__What you will do__: Return each line of the listing that follows in which the string "repeatCount" can be found.
(Beginning of Extracted entries)
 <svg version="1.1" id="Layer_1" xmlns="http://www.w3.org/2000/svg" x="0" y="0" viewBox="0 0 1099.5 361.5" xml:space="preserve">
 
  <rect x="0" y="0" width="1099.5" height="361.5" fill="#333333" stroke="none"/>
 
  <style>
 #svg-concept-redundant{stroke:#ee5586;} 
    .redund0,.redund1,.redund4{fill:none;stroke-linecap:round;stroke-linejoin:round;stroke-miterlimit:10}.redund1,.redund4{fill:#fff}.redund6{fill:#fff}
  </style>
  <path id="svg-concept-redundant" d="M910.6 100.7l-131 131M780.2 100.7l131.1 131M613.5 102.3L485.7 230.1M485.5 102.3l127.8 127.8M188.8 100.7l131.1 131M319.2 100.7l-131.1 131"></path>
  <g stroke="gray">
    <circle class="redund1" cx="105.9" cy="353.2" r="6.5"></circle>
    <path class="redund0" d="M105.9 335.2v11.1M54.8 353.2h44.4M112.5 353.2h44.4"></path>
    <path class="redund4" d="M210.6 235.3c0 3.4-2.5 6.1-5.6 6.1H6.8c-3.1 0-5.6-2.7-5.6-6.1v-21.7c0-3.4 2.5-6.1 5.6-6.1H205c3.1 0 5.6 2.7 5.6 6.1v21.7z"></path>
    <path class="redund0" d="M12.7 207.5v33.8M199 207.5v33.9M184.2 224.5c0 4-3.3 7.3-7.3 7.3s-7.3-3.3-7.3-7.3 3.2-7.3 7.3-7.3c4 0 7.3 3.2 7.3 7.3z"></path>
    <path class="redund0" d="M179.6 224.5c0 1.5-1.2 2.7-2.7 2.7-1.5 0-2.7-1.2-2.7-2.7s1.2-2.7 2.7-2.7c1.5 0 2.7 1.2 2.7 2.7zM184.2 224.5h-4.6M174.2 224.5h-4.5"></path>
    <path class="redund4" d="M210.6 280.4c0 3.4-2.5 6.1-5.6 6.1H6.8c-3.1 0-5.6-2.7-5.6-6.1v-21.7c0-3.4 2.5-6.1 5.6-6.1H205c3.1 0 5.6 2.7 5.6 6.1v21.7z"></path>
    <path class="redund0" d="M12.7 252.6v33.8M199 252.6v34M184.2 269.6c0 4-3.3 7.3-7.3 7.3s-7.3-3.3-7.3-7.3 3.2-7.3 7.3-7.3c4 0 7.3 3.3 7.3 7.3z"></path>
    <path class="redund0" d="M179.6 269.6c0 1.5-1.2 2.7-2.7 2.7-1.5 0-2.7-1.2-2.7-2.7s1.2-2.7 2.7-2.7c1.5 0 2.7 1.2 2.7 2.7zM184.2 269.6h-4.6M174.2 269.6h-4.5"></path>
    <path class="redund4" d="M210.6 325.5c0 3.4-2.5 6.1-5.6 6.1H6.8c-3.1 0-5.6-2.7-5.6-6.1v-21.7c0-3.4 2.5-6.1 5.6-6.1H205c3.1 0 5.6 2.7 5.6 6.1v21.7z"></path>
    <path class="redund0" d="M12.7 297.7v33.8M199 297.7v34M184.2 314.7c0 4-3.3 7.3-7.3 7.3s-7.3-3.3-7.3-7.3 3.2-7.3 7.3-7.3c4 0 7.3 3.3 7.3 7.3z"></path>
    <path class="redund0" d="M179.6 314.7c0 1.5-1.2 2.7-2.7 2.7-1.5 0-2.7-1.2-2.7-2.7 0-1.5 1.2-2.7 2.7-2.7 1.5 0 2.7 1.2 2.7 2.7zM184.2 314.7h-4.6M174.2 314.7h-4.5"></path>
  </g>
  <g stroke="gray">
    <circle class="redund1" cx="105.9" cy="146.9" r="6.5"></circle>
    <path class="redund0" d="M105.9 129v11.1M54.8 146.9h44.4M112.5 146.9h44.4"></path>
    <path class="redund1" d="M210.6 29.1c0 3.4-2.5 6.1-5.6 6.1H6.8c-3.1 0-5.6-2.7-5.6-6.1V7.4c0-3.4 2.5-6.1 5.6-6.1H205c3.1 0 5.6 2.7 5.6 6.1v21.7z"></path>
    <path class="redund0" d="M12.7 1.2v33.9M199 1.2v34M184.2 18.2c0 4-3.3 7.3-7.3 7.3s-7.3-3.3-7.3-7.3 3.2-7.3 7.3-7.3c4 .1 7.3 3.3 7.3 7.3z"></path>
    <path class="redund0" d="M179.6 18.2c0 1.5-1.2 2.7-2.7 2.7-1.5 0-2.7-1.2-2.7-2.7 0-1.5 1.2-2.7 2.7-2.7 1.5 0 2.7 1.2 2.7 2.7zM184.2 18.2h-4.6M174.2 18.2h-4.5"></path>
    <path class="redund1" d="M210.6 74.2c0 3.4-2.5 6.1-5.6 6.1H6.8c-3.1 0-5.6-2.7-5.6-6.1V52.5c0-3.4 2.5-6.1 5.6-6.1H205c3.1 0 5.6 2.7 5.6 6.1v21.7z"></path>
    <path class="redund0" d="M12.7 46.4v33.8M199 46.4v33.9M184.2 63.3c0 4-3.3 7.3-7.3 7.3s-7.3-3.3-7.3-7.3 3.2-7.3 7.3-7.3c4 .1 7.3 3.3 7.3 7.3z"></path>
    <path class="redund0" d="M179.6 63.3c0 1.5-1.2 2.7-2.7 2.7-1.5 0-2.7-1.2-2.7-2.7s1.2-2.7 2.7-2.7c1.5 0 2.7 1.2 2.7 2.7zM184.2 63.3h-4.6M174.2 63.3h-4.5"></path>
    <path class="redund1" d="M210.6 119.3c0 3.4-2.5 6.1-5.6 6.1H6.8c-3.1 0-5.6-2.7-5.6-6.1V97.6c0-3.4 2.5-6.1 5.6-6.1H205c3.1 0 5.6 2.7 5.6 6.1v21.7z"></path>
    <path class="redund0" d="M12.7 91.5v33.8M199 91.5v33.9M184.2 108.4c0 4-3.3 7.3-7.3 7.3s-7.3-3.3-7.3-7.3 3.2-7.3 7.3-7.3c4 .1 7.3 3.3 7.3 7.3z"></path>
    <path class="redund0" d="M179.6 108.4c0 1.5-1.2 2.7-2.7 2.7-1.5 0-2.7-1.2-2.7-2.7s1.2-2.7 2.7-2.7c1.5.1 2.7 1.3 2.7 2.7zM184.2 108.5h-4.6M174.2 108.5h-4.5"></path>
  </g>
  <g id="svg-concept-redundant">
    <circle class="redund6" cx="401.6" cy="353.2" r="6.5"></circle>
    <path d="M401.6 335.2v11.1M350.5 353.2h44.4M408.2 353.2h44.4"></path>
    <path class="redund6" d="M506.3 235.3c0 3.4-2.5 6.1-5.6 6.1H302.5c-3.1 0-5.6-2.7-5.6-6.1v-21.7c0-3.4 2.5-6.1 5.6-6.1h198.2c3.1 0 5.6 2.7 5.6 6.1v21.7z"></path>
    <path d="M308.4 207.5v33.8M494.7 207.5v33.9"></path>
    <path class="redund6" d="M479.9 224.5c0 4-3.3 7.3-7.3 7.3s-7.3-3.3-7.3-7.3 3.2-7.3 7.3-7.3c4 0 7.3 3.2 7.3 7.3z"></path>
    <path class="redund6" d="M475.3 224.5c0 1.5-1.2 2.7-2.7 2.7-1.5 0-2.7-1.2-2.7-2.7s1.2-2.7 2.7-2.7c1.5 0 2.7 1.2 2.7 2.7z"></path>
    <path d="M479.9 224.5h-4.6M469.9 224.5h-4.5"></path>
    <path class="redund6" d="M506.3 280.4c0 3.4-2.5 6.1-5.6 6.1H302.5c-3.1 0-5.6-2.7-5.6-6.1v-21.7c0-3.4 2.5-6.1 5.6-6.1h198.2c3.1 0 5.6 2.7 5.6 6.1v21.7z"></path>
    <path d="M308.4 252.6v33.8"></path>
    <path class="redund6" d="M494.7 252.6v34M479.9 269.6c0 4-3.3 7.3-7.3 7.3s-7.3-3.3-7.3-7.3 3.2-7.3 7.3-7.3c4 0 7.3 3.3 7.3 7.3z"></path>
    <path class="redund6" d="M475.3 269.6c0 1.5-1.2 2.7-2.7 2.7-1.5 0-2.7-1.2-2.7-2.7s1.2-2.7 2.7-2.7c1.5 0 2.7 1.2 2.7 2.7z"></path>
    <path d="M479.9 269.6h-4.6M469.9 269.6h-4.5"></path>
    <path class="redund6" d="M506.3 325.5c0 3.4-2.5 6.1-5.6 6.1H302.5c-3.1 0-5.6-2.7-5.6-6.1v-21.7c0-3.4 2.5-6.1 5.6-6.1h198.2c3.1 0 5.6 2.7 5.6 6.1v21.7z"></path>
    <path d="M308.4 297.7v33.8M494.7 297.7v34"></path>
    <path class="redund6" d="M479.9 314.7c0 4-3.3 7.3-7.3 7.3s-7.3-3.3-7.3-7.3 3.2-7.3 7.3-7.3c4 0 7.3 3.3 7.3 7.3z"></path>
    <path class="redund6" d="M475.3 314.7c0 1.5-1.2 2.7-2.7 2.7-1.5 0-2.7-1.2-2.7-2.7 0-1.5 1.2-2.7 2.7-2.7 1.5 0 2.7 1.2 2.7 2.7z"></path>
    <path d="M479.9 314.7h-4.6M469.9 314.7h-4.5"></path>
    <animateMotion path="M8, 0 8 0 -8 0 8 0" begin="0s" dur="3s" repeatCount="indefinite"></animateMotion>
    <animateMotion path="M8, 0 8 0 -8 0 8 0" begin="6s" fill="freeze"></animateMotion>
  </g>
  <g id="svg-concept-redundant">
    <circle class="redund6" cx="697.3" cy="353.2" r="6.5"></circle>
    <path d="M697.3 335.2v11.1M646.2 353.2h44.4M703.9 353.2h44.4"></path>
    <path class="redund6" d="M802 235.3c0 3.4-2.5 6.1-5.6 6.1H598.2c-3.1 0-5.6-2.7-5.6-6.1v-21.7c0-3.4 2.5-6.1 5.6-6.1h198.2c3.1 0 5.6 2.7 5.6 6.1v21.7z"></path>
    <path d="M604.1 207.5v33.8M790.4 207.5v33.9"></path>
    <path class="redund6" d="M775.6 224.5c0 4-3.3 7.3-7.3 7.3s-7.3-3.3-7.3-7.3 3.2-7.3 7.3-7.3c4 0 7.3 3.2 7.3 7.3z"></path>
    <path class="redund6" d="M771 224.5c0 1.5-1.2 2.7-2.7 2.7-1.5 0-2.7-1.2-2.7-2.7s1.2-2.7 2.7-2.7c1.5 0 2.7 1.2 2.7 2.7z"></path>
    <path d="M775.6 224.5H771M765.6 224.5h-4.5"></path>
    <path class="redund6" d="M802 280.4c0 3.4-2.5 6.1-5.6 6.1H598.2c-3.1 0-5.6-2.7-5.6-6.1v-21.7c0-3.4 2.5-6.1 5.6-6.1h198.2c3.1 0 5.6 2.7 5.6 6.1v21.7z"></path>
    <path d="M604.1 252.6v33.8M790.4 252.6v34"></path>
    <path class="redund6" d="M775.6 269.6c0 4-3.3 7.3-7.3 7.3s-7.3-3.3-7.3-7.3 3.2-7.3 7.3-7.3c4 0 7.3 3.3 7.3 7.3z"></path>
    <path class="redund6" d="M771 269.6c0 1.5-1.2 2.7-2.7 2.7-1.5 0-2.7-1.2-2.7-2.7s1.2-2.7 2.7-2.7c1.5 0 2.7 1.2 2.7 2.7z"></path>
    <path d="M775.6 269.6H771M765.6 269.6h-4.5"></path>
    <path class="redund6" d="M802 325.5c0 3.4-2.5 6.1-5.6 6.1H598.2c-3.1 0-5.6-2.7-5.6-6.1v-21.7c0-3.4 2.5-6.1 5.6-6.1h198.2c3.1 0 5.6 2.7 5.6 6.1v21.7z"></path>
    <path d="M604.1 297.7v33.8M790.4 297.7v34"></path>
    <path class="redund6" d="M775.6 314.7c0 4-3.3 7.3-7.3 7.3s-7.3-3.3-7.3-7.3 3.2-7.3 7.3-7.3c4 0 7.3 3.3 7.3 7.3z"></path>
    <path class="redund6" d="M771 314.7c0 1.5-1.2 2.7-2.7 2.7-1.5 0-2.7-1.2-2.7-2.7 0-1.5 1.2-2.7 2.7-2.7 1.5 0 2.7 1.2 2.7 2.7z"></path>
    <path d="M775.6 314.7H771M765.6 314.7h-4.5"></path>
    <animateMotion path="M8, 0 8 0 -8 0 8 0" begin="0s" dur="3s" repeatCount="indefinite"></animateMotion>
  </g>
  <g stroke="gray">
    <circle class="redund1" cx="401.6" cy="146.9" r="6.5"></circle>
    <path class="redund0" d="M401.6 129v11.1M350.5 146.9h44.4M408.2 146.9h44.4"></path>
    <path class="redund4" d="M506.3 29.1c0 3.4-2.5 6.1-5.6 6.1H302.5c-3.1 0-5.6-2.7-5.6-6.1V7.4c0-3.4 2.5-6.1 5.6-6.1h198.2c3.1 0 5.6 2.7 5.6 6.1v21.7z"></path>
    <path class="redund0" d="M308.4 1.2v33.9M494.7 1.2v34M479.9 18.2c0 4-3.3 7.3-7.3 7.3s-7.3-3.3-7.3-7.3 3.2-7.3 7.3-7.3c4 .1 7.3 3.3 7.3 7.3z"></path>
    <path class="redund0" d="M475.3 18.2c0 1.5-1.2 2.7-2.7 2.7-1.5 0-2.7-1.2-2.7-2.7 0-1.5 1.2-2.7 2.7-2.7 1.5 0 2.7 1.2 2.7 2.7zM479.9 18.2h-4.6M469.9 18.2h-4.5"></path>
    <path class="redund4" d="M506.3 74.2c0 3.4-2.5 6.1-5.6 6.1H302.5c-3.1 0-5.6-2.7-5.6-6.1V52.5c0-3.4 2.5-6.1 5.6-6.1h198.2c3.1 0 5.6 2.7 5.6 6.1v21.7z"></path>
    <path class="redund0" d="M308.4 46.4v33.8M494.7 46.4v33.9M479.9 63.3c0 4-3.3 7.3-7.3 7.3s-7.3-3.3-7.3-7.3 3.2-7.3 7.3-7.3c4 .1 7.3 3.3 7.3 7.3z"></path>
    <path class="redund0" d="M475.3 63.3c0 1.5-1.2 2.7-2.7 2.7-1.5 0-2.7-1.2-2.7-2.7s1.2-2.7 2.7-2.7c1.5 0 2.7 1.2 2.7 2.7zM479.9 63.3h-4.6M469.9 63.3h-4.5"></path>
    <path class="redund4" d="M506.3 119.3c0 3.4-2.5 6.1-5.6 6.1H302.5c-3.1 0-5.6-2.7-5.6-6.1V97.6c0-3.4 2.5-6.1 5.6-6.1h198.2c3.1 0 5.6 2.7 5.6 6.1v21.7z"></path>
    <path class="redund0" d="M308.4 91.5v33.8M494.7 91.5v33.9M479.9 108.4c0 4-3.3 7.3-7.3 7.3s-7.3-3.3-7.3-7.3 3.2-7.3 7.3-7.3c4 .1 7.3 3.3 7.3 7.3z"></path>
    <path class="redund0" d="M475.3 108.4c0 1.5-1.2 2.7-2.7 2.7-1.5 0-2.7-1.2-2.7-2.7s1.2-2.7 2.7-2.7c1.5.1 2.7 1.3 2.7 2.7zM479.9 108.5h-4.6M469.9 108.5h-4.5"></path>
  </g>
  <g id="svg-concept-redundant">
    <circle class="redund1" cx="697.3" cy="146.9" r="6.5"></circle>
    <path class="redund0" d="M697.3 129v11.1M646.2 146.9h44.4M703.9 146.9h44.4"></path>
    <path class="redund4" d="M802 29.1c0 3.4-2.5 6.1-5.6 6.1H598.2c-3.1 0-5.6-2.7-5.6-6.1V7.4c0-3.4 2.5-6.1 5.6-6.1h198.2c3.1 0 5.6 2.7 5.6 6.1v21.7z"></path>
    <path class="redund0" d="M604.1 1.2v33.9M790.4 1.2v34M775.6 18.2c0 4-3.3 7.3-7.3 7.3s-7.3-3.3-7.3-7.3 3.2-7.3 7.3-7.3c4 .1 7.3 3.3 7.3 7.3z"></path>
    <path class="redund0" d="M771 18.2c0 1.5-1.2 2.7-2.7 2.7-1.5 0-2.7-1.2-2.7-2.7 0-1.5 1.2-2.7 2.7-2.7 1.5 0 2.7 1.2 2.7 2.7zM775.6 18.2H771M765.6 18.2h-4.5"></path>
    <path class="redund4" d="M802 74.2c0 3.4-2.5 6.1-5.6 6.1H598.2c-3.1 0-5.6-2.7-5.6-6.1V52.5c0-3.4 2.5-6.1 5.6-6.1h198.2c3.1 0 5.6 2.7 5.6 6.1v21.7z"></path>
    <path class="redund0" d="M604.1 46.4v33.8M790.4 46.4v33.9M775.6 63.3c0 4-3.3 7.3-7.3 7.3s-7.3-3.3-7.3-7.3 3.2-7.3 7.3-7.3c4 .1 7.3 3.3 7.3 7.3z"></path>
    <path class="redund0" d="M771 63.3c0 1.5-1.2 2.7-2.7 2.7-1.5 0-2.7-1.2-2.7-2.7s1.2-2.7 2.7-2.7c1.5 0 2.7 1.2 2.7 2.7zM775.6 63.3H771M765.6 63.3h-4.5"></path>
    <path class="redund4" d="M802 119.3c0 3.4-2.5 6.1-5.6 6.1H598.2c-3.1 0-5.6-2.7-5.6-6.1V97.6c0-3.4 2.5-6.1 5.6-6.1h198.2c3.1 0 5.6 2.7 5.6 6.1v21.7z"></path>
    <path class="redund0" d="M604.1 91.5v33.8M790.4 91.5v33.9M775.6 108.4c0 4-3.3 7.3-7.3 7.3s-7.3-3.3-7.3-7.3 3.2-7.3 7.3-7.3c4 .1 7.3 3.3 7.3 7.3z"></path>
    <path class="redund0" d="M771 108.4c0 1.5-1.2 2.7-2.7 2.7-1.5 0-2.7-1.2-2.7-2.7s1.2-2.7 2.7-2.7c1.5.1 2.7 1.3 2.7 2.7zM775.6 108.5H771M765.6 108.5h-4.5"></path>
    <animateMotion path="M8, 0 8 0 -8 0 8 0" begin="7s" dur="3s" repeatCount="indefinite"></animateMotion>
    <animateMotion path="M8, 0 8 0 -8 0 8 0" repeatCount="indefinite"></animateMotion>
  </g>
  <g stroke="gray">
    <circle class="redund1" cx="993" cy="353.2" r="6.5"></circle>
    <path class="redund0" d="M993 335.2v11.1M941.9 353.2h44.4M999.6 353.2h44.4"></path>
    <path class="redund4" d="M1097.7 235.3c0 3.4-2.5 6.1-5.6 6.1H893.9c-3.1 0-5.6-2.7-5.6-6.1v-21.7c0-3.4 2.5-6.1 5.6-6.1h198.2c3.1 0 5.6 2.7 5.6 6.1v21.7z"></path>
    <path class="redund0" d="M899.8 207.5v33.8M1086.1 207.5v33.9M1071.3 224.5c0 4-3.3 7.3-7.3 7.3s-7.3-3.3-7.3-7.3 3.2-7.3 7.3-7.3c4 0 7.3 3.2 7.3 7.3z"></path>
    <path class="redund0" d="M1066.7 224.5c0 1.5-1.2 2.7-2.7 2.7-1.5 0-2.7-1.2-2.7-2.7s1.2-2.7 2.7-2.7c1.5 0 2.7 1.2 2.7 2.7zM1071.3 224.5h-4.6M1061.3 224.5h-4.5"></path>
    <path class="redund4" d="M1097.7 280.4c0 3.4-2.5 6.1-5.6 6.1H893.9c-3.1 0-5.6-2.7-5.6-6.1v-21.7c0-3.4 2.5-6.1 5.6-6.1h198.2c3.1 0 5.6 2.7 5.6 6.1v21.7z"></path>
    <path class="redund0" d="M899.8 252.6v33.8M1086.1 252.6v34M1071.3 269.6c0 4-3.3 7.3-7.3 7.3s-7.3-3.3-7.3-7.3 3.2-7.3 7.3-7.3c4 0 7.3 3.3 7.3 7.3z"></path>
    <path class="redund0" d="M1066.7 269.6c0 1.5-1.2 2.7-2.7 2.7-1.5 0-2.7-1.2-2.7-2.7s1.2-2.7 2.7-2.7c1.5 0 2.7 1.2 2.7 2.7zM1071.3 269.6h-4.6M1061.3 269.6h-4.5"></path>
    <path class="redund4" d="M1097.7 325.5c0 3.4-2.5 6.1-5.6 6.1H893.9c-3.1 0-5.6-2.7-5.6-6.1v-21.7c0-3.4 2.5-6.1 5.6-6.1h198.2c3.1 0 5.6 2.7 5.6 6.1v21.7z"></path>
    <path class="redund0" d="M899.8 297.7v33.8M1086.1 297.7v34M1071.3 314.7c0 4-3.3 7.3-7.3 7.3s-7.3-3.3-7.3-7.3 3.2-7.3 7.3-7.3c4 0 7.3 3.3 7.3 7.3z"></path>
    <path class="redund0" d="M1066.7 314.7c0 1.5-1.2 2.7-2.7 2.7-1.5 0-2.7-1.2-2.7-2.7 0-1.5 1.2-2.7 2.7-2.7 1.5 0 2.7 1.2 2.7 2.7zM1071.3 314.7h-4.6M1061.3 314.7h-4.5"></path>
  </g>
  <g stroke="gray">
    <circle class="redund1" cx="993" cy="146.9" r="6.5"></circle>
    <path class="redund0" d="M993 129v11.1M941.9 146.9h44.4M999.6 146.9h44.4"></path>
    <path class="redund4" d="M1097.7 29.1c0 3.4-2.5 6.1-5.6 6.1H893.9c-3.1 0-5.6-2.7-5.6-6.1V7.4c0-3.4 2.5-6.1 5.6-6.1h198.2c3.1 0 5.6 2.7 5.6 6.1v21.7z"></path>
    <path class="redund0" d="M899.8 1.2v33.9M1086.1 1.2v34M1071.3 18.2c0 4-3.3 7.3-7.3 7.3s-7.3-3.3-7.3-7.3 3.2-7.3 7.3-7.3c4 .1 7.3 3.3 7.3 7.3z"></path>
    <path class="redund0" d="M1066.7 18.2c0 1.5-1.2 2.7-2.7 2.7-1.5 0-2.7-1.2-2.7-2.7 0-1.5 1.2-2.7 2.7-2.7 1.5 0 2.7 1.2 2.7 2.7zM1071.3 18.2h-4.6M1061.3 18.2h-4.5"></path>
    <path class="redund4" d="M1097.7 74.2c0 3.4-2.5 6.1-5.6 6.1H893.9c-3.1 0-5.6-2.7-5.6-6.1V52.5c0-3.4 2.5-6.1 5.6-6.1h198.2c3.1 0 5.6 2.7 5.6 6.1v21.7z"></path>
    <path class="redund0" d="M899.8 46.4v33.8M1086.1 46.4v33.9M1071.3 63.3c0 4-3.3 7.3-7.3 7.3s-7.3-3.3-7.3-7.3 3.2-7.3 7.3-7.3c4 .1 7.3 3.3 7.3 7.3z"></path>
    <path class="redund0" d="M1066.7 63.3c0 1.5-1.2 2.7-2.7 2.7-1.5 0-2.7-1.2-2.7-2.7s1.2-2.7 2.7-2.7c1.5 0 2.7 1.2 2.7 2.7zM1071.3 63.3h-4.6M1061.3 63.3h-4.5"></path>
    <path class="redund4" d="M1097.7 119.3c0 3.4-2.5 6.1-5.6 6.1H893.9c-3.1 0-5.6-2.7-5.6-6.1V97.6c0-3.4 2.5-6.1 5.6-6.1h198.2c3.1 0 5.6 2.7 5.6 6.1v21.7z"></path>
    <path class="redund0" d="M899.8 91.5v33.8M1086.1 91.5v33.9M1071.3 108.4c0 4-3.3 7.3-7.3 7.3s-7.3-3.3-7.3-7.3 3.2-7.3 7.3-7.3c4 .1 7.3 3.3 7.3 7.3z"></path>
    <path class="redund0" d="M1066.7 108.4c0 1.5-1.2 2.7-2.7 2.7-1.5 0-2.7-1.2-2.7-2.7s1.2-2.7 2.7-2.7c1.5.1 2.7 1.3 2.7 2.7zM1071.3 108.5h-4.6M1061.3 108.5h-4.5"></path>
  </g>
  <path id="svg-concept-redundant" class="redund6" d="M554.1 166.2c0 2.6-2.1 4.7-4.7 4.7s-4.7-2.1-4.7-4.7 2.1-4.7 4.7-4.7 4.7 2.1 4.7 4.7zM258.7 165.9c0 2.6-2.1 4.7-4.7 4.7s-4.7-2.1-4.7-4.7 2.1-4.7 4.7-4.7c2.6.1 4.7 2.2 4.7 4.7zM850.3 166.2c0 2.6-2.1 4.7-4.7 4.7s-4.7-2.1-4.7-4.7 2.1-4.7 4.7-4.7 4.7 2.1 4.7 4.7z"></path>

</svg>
(End of Extracted entries)
__Finished task__:
    <animateMotion path="M8, 0 8 0 -8 0 8 0" begin="0s" dur="3s" repeatCount="indefinite"></animateMotion>
    <animateMotion path="M8, 0 8 0 -8 0 8 0" begin="0s" dur="3s" repeatCount="indefinite"></animateMotion>
    <animateMotion path="M8, 0 8 0 -8 0 8 0" begin="7s" dur="3s" repeatCount="indefinite"></animateMotion>
    <animateMotion path="M8, 0 8 0 -8 0 8 0" repeatCount="indefinite"></animateMotion>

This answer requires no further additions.